*RECORDED INFORMATION*

┌────────

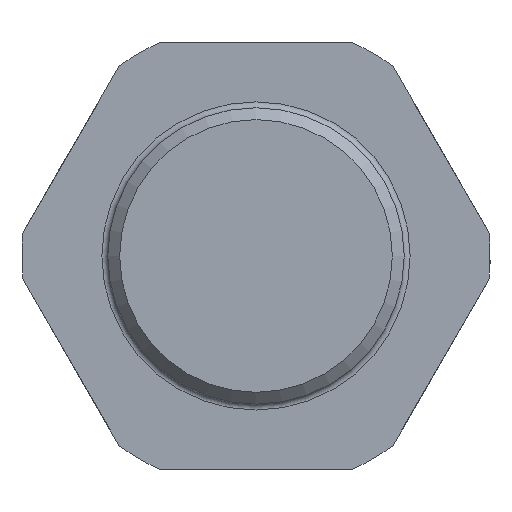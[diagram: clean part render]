
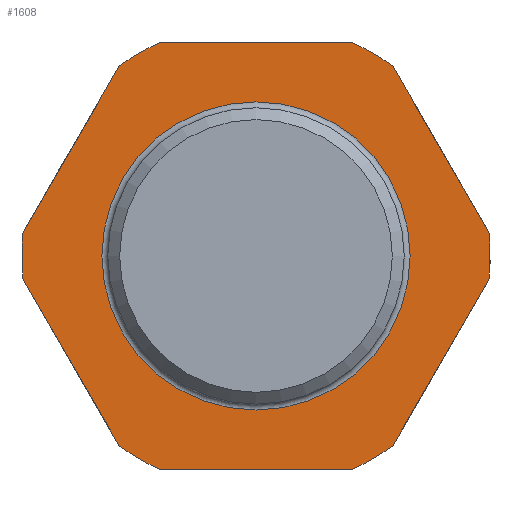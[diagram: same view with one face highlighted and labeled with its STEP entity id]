
A CAD part, left-side view. The second image highlights one B-rep face of the part: STEP entity #1608.
In plain terms, the highlighted planar face has unit normal (-1, 0, 0).
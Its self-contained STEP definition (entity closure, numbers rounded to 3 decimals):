
#61=LINE('',#2614,#91);
#64=LINE('',#2644,#94);
#67=LINE('',#2674,#97);
#70=LINE('',#2704,#100);
#73=LINE('',#2734,#103);
#76=LINE('',#2764,#106);
#91=VECTOR('',#2048,10.);
#94=VECTOR('',#2053,10.);
#97=VECTOR('',#2058,10.);
#100=VECTOR('',#2063,10.);
#103=VECTOR('',#2068,10.);
#106=VECTOR('',#2073,10.);
#188=FACE_BOUND('',#469,.T.);
#326=FACE_OUTER_BOUND('',#468,.T.);
#468=EDGE_LOOP('',(#1194,#1195,#1196,#1197,#1198,#1199,#1200,#1201,#1202,
#1203,#1204,#1205));
#469=EDGE_LOOP('',(#1206));
#686=CIRCLE('',#1779,19.75);
#687=CIRCLE('',#1781,19.75);
#688=CIRCLE('',#1783,19.75);
#689=CIRCLE('',#1785,19.75);
#690=CIRCLE('',#1787,19.75);
#691=CIRCLE('',#1789,19.75);
#692=CIRCLE('',#1790,13.);
#807=VERTEX_POINT('',#2611);
#808=VERTEX_POINT('',#2613);
#811=VERTEX_POINT('',#2641);
#812=VERTEX_POINT('',#2643);
#815=VERTEX_POINT('',#2671);
#816=VERTEX_POINT('',#2673);
#819=VERTEX_POINT('',#2701);
#820=VERTEX_POINT('',#2703);
#823=VERTEX_POINT('',#2731);
#824=VERTEX_POINT('',#2733);
#827=VERTEX_POINT('',#2761);
#828=VERTEX_POINT('',#2763);
#830=VERTEX_POINT('',#2787);
#957=EDGE_CURVE('',#808,#807,#61,.T.);
#961=EDGE_CURVE('',#812,#811,#64,.T.);
#965=EDGE_CURVE('',#816,#815,#67,.T.);
#969=EDGE_CURVE('',#820,#819,#70,.T.);
#973=EDGE_CURVE('',#824,#823,#73,.T.);
#977=EDGE_CURVE('',#828,#827,#76,.T.);
#986=EDGE_CURVE('',#816,#819,#686,.T.);
#987=EDGE_CURVE('',#828,#815,#687,.T.);
#988=EDGE_CURVE('',#812,#823,#688,.T.);
#989=EDGE_CURVE('',#820,#811,#689,.T.);
#990=EDGE_CURVE('',#808,#827,#690,.T.);
#991=EDGE_CURVE('',#824,#807,#691,.T.);
#992=EDGE_CURVE('',#830,#830,#692,.T.);
#1194=ORIENTED_EDGE('',*,*,#957,.T.);
#1195=ORIENTED_EDGE('',*,*,#991,.F.);
#1196=ORIENTED_EDGE('',*,*,#973,.T.);
#1197=ORIENTED_EDGE('',*,*,#988,.F.);
#1198=ORIENTED_EDGE('',*,*,#961,.T.);
#1199=ORIENTED_EDGE('',*,*,#989,.F.);
#1200=ORIENTED_EDGE('',*,*,#969,.T.);
#1201=ORIENTED_EDGE('',*,*,#986,.F.);
#1202=ORIENTED_EDGE('',*,*,#965,.T.);
#1203=ORIENTED_EDGE('',*,*,#987,.F.);
#1204=ORIENTED_EDGE('',*,*,#977,.T.);
#1205=ORIENTED_EDGE('',*,*,#990,.F.);
#1206=ORIENTED_EDGE('',*,*,#992,.T.);
#1477=PLANE('',#1788);
#1608=ADVANCED_FACE('',(#326,#188),#1477,.T.);
#1779=AXIS2_PLACEMENT_3D('',#2776,#2093,#2094);
#1781=AXIS2_PLACEMENT_3D('',#2778,#2097,#2098);
#1783=AXIS2_PLACEMENT_3D('',#2780,#2101,#2102);
#1785=AXIS2_PLACEMENT_3D('',#2782,#2105,#2106);
#1787=AXIS2_PLACEMENT_3D('',#2784,#2109,#2110);
#1788=AXIS2_PLACEMENT_3D('',#2785,#2111,#2112);
#1789=AXIS2_PLACEMENT_3D('',#2786,#2113,#2114);
#1790=AXIS2_PLACEMENT_3D('',#2788,#2115,#2116);
#2048=DIRECTION('',(0.,1.,0.));
#2053=DIRECTION('',(0.,-0.5,-0.866));
#2058=DIRECTION('',(0.,-0.5,0.866));
#2063=DIRECTION('',(0.,-1.,0.));
#2068=DIRECTION('',(0.,0.5,-0.866));
#2073=DIRECTION('',(0.,0.5,0.866));
#2093=DIRECTION('center_axis',(1.,0.,0.));
#2094=DIRECTION('ref_axis',(0.,0.,
1.));
#2097=DIRECTION('center_axis',(1.,0.,0.));
#2098=DIRECTION('ref_axis',(0.,0.,
1.));
#2101=DIRECTION('center_axis',(1.,0.,0.));
#2102=DIRECTION('ref_axis',(0.,0.,
1.));
#2105=DIRECTION('center_axis',(1.,0.,0.));
#2106=DIRECTION('ref_axis',(0.,0.,
1.));
#2109=DIRECTION('center_axis',(1.,0.,0.));
#2110=DIRECTION('ref_axis',(0.,0.,
1.));
#2111=DIRECTION('center_axis',(-1.,0.,0.));
#2112=DIRECTION('ref_axis',(0.,0.,-1.));
#2113=DIRECTION('center_axis',(1.,0.,0.));
#2114=DIRECTION('ref_axis',(0.,0.,
1.));
#2115=DIRECTION('center_axis',(1.,0.,0.));
#2116=DIRECTION('ref_axis',(0.,0.,
1.));
#2611=CARTESIAN_POINT('',(-23.5,8.128,18.));
#2613=CARTESIAN_POINT('',(-23.5,-8.128,18.));
#2614=CARTESIAN_POINT('',(-23.5,-13.939,18.));
#2641=CARTESIAN_POINT('',(-23.5,11.525,-16.039));
#2643=CARTESIAN_POINT('',(-23.5,19.652,-1.961));
#2644=CARTESIAN_POINT('',(-23.5,15.152,-9.757));
#2671=CARTESIAN_POINT('',(-23.5,-19.652,-1.961));
#2673=CARTESIAN_POINT('',(-23.5,-11.525,-16.039));
#2674=CARTESIAN_POINT('',(-23.5,-16.025,-8.243));
#2701=CARTESIAN_POINT('',(-23.5,-8.128,-18.));
#2703=CARTESIAN_POINT('',(-23.5,8.128,-18.));
#2704=CARTESIAN_POINT('',(-23.5,-5.811,-18.));
#2731=CARTESIAN_POINT('',(-23.5,19.652,1.961));
#2733=CARTESIAN_POINT('',(-23.5,11.525,16.039));
#2734=CARTESIAN_POINT('',(-23.5,11.088,16.795));
#2761=CARTESIAN_POINT('',(-23.5,-11.525,16.039));
#2763=CARTESIAN_POINT('',(-23.5,-19.652,1.961));
#2764=CARTESIAN_POINT('',(-23.5,-20.089,1.205));
#2776=CARTESIAN_POINT('Origin',(-23.5,0.,
0.));
#2778=CARTESIAN_POINT('Origin',(-23.5,0.,
0.));
#2780=CARTESIAN_POINT('Origin',(-23.5,0.,
0.));
#2782=CARTESIAN_POINT('Origin',(-23.5,0.,
0.));
#2784=CARTESIAN_POINT('Origin',(-23.5,0.,
0.));
#2785=CARTESIAN_POINT('Origin',(-23.5,-19.75,0.));
#2786=CARTESIAN_POINT('Origin',(-23.5,0.,
0.));
#2787=CARTESIAN_POINT('',(-23.5,-13.,0.));
#2788=CARTESIAN_POINT('Origin',(-23.5,0.,
0.));

└────────

*BRIEF*
Could you give all the records again, exactly, minus the pictures?

*ANSWER SECTION*
[diagram: clean part render]
[diagram: same view with one face highlighted and labeled with its STEP entity id]
A CAD part, left-side view. The second image highlights one B-rep face of the part: STEP entity #1608.
In plain terms, the highlighted planar face has unit normal (-1, 0, 0).
Its self-contained STEP definition (entity closure, numbers rounded to 3 decimals):
#61=LINE('',#2614,#91);
#64=LINE('',#2644,#94);
#67=LINE('',#2674,#97);
#70=LINE('',#2704,#100);
#73=LINE('',#2734,#103);
#76=LINE('',#2764,#106);
#91=VECTOR('',#2048,10.);
#94=VECTOR('',#2053,10.);
#97=VECTOR('',#2058,10.);
#100=VECTOR('',#2063,10.);
#103=VECTOR('',#2068,10.);
#106=VECTOR('',#2073,10.);
#188=FACE_BOUND('',#469,.T.);
#326=FACE_OUTER_BOUND('',#468,.T.);
#468=EDGE_LOOP('',(#1194,#1195,#1196,#1197,#1198,#1199,#1200,#1201,#1202,
#1203,#1204,#1205));
#469=EDGE_LOOP('',(#1206));
#686=CIRCLE('',#1779,19.75);
#687=CIRCLE('',#1781,19.75);
#688=CIRCLE('',#1783,19.75);
#689=CIRCLE('',#1785,19.75);
#690=CIRCLE('',#1787,19.75);
#691=CIRCLE('',#1789,19.75);
#692=CIRCLE('',#1790,13.);
#807=VERTEX_POINT('',#2611);
#808=VERTEX_POINT('',#2613);
#811=VERTEX_POINT('',#2641);
#812=VERTEX_POINT('',#2643);
#815=VERTEX_POINT('',#2671);
#816=VERTEX_POINT('',#2673);
#819=VERTEX_POINT('',#2701);
#820=VERTEX_POINT('',#2703);
#823=VERTEX_POINT('',#2731);
#824=VERTEX_POINT('',#2733);
#827=VERTEX_POINT('',#2761);
#828=VERTEX_POINT('',#2763);
#830=VERTEX_POINT('',#2787);
#957=EDGE_CURVE('',#808,#807,#61,.T.);
#961=EDGE_CURVE('',#812,#811,#64,.T.);
#965=EDGE_CURVE('',#816,#815,#67,.T.);
#969=EDGE_CURVE('',#820,#819,#70,.T.);
#973=EDGE_CURVE('',#824,#823,#73,.T.);
#977=EDGE_CURVE('',#828,#827,#76,.T.);
#986=EDGE_CURVE('',#816,#819,#686,.T.);
#987=EDGE_CURVE('',#828,#815,#687,.T.);
#988=EDGE_CURVE('',#812,#823,#688,.T.);
#989=EDGE_CURVE('',#820,#811,#689,.T.);
#990=EDGE_CURVE('',#808,#827,#690,.T.);
#991=EDGE_CURVE('',#824,#807,#691,.T.);
#992=EDGE_CURVE('',#830,#830,#692,.T.);
#1194=ORIENTED_EDGE('',*,*,#957,.T.);
#1195=ORIENTED_EDGE('',*,*,#991,.F.);
#1196=ORIENTED_EDGE('',*,*,#973,.T.);
#1197=ORIENTED_EDGE('',*,*,#988,.F.);
#1198=ORIENTED_EDGE('',*,*,#961,.T.);
#1199=ORIENTED_EDGE('',*,*,#989,.F.);
#1200=ORIENTED_EDGE('',*,*,#969,.T.);
#1201=ORIENTED_EDGE('',*,*,#986,.F.);
#1202=ORIENTED_EDGE('',*,*,#965,.T.);
#1203=ORIENTED_EDGE('',*,*,#987,.F.);
#1204=ORIENTED_EDGE('',*,*,#977,.T.);
#1205=ORIENTED_EDGE('',*,*,#990,.F.);
#1206=ORIENTED_EDGE('',*,*,#992,.T.);
#1477=PLANE('',#1788);
#1608=ADVANCED_FACE('',(#326,#188),#1477,.T.);
#1779=AXIS2_PLACEMENT_3D('',#2776,#2093,#2094);
#1781=AXIS2_PLACEMENT_3D('',#2778,#2097,#2098);
#1783=AXIS2_PLACEMENT_3D('',#2780,#2101,#2102);
#1785=AXIS2_PLACEMENT_3D('',#2782,#2105,#2106);
#1787=AXIS2_PLACEMENT_3D('',#2784,#2109,#2110);
#1788=AXIS2_PLACEMENT_3D('',#2785,#2111,#2112);
#1789=AXIS2_PLACEMENT_3D('',#2786,#2113,#2114);
#1790=AXIS2_PLACEMENT_3D('',#2788,#2115,#2116);
#2048=DIRECTION('',(0.,1.,0.));
#2053=DIRECTION('',(0.,-0.5,-0.866));
#2058=DIRECTION('',(0.,-0.5,0.866));
#2063=DIRECTION('',(0.,-1.,0.));
#2068=DIRECTION('',(0.,0.5,-0.866));
#2073=DIRECTION('',(0.,0.5,0.866));
#2093=DIRECTION('center_axis',(1.,0.,0.));
#2094=DIRECTION('ref_axis',(0.,0.,
1.));
#2097=DIRECTION('center_axis',(1.,0.,0.));
#2098=DIRECTION('ref_axis',(0.,0.,
1.));
#2101=DIRECTION('center_axis',(1.,0.,0.));
#2102=DIRECTION('ref_axis',(0.,0.,
1.));
#2105=DIRECTION('center_axis',(1.,0.,0.));
#2106=DIRECTION('ref_axis',(0.,0.,
1.));
#2109=DIRECTION('center_axis',(1.,0.,0.));
#2110=DIRECTION('ref_axis',(0.,0.,
1.));
#2111=DIRECTION('center_axis',(-1.,0.,0.));
#2112=DIRECTION('ref_axis',(0.,0.,-1.));
#2113=DIRECTION('center_axis',(1.,0.,0.));
#2114=DIRECTION('ref_axis',(0.,0.,
1.));
#2115=DIRECTION('center_axis',(1.,0.,0.));
#2116=DIRECTION('ref_axis',(0.,0.,
1.));
#2611=CARTESIAN_POINT('',(-23.5,8.128,18.));
#2613=CARTESIAN_POINT('',(-23.5,-8.128,18.));
#2614=CARTESIAN_POINT('',(-23.5,-13.939,18.));
#2641=CARTESIAN_POINT('',(-23.5,11.525,-16.039));
#2643=CARTESIAN_POINT('',(-23.5,19.652,-1.961));
#2644=CARTESIAN_POINT('',(-23.5,15.152,-9.757));
#2671=CARTESIAN_POINT('',(-23.5,-19.652,-1.961));
#2673=CARTESIAN_POINT('',(-23.5,-11.525,-16.039));
#2674=CARTESIAN_POINT('',(-23.5,-16.025,-8.243));
#2701=CARTESIAN_POINT('',(-23.5,-8.128,-18.));
#2703=CARTESIAN_POINT('',(-23.5,8.128,-18.));
#2704=CARTESIAN_POINT('',(-23.5,-5.811,-18.));
#2731=CARTESIAN_POINT('',(-23.5,19.652,1.961));
#2733=CARTESIAN_POINT('',(-23.5,11.525,16.039));
#2734=CARTESIAN_POINT('',(-23.5,11.088,16.795));
#2761=CARTESIAN_POINT('',(-23.5,-11.525,16.039));
#2763=CARTESIAN_POINT('',(-23.5,-19.652,1.961));
#2764=CARTESIAN_POINT('',(-23.5,-20.089,1.205));
#2776=CARTESIAN_POINT('Origin',(-23.5,0.,
0.));
#2778=CARTESIAN_POINT('Origin',(-23.5,0.,
0.));
#2780=CARTESIAN_POINT('Origin',(-23.5,0.,
0.));
#2782=CARTESIAN_POINT('Origin',(-23.5,0.,
0.));
#2784=CARTESIAN_POINT('Origin',(-23.5,0.,
0.));
#2785=CARTESIAN_POINT('Origin',(-23.5,-19.75,0.));
#2786=CARTESIAN_POINT('Origin',(-23.5,0.,
0.));
#2787=CARTESIAN_POINT('',(-23.5,-13.,0.));
#2788=CARTESIAN_POINT('Origin',(-23.5,0.,
0.));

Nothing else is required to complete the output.